**What to produce**
Word for word, write out all the entries below, omitting every picture.

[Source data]
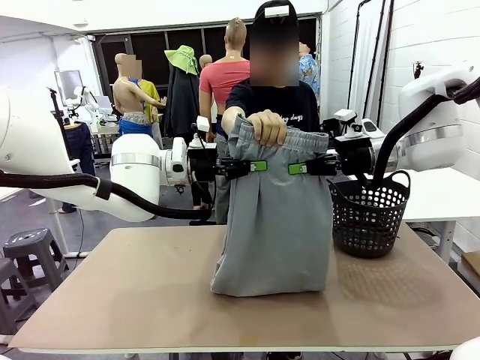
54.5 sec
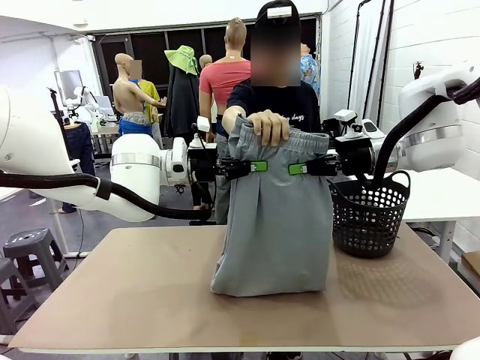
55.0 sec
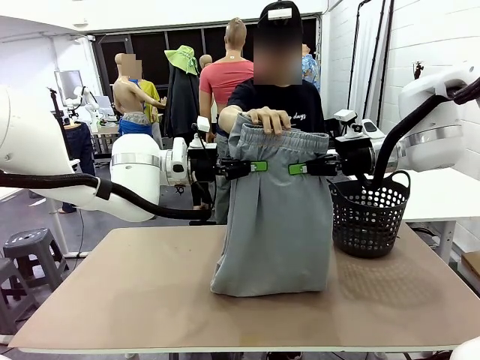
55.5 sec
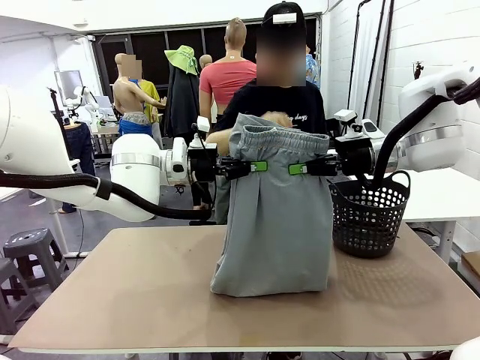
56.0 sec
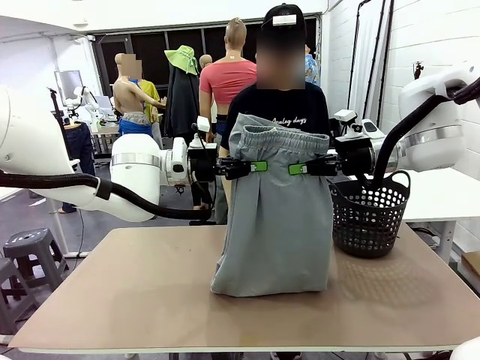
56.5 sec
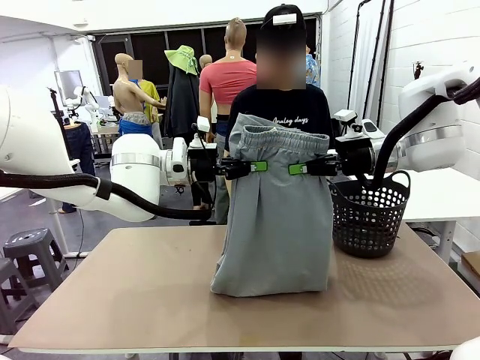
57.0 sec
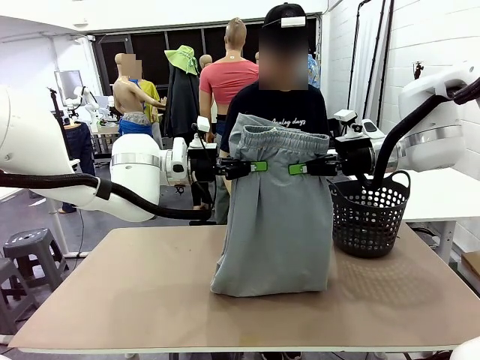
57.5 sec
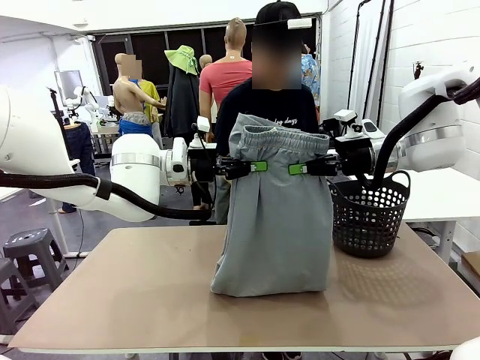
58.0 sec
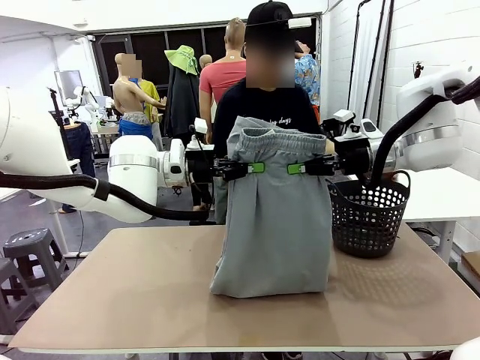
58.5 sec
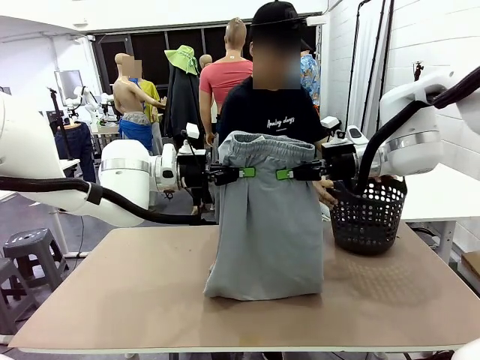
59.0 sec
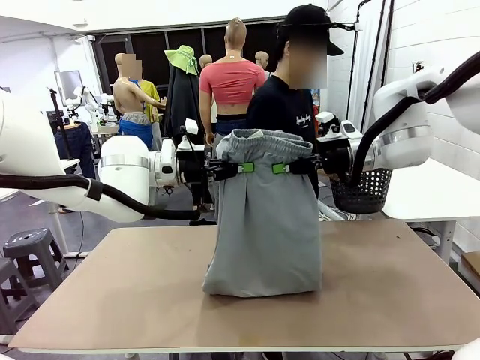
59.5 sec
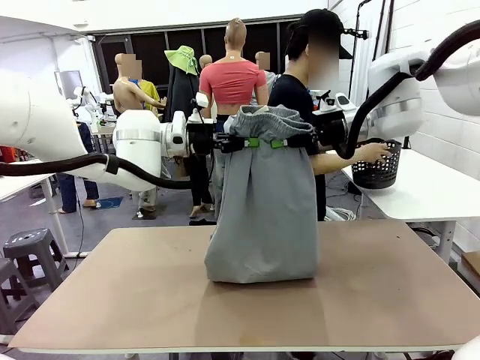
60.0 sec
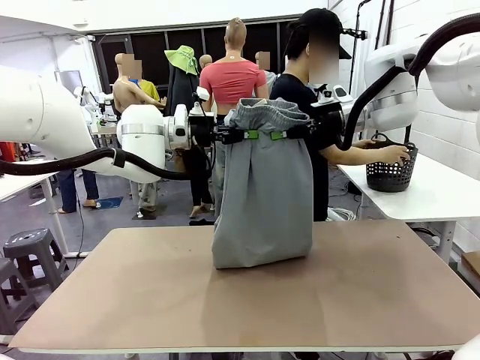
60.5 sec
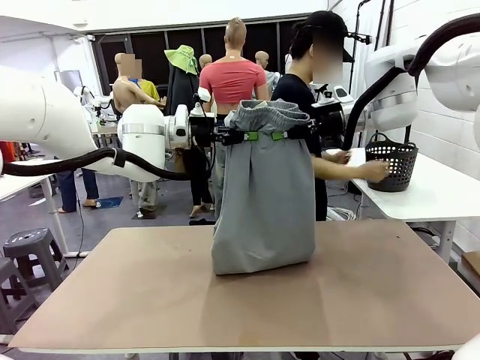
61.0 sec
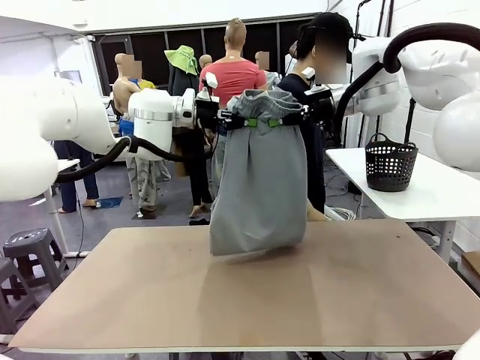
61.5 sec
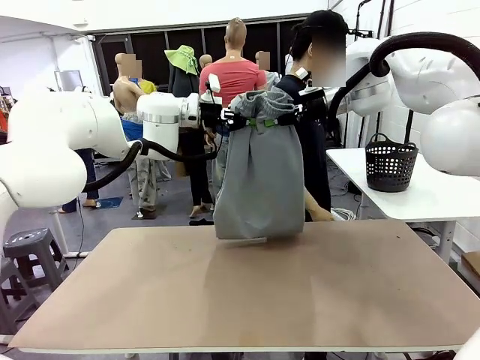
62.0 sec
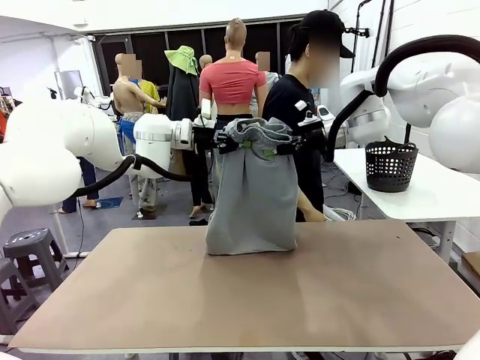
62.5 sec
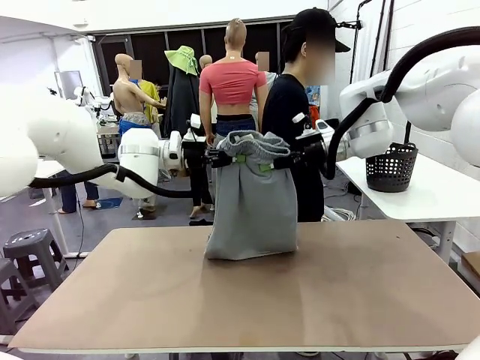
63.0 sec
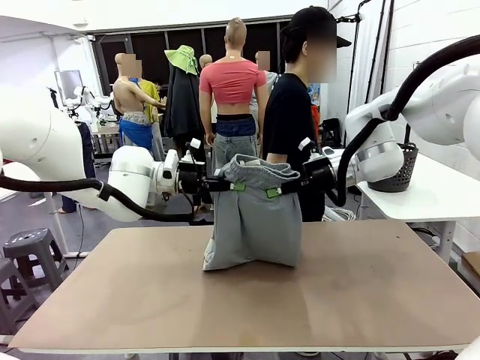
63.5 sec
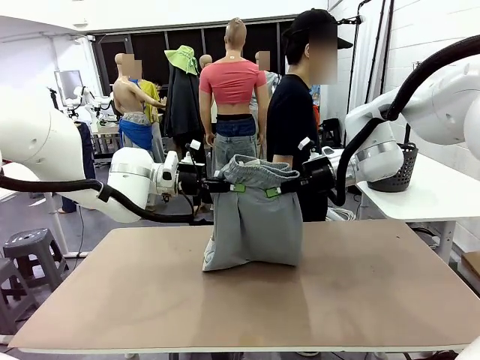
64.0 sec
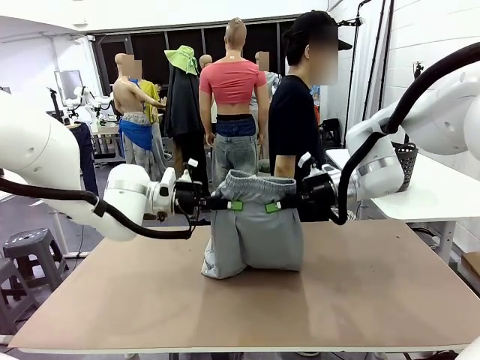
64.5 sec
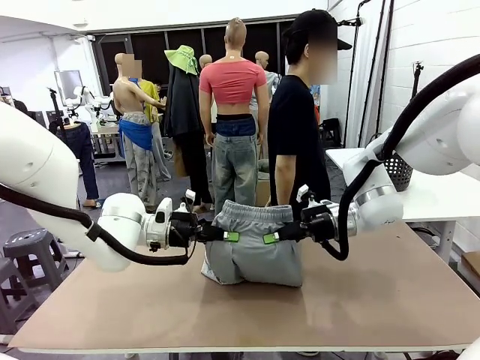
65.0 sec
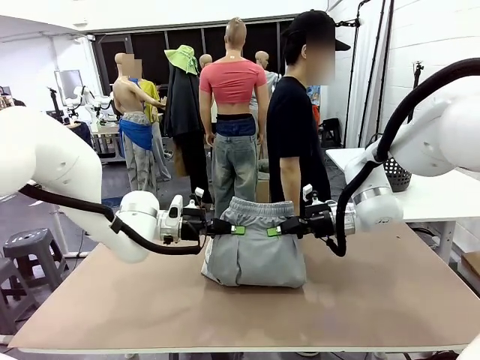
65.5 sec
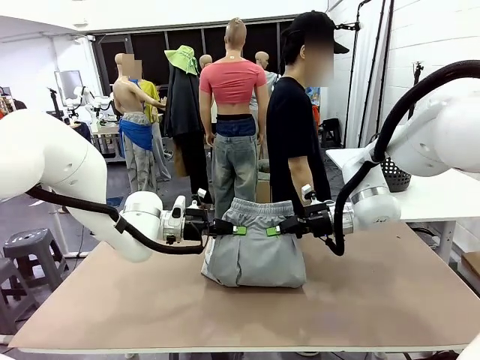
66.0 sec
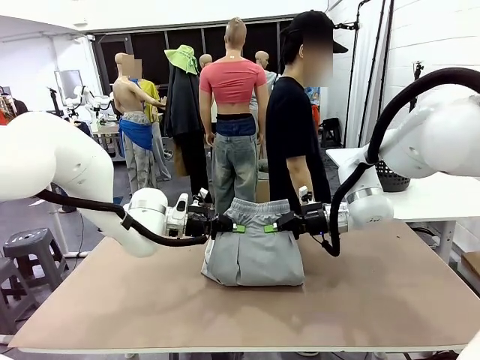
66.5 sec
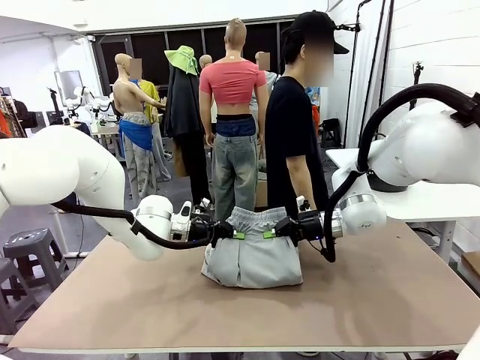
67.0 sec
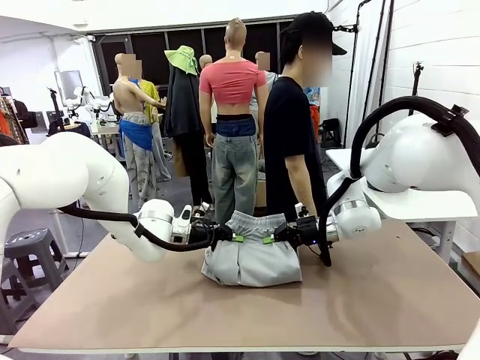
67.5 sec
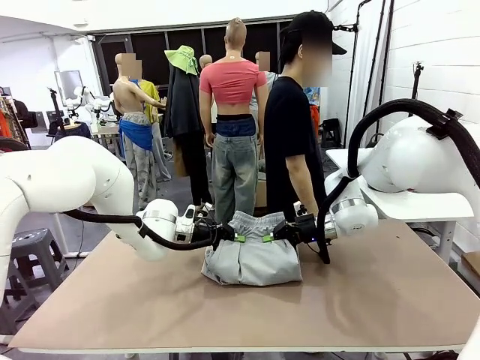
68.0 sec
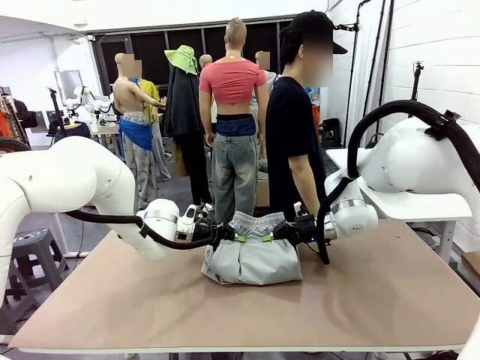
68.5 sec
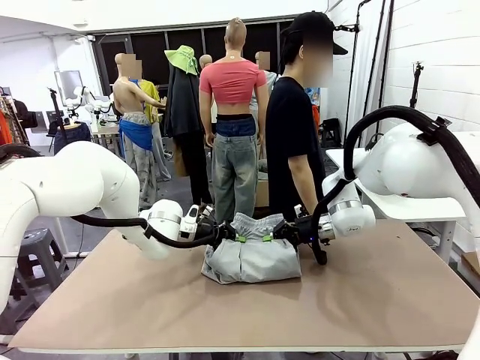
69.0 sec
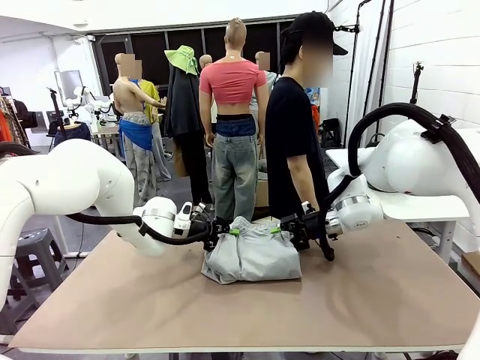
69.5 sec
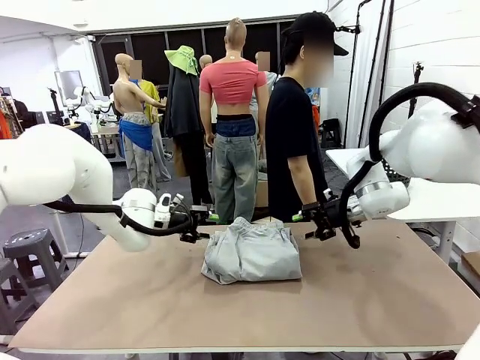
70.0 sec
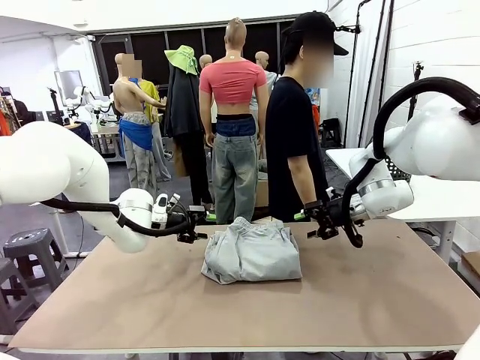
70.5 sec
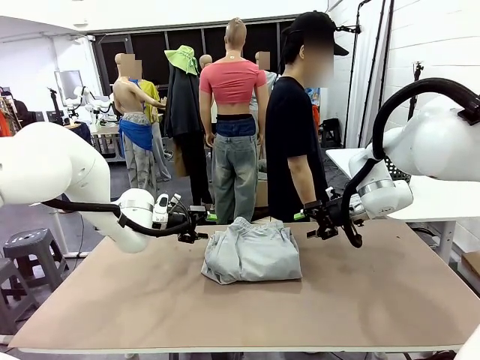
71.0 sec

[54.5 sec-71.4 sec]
Task: Fold the training pants.
Robot: Fold the Training pants in half.
Person: Move the laundry basket to the right of the human table.

**The completed task**
54.5 sec
55.0 sec
55.5 sec
56.0 sec
56.5 sec
57.0 sec
57.5 sec
58.0 sec
58.5 sec
59.0 sec
59.5 sec
60.0 sec
60.5 sec
61.0 sec
61.5 sec
62.0 sec
62.5 sec
63.0 sec
63.5 sec
64.0 sec
64.5 sec
65.0 sec
65.5 sec
66.0 sec
66.5 sec
67.0 sec
67.5 sec
68.0 sec
68.5 sec
69.0 sec
69.5 sec
70.0 sec
70.5 sec
71.0 sec

[54.5 sec-71.4 sec]
Task: Fold the training pants.
Robot: Fold the Training pants in half.
Person: Move the laundry basket to the right of the human table.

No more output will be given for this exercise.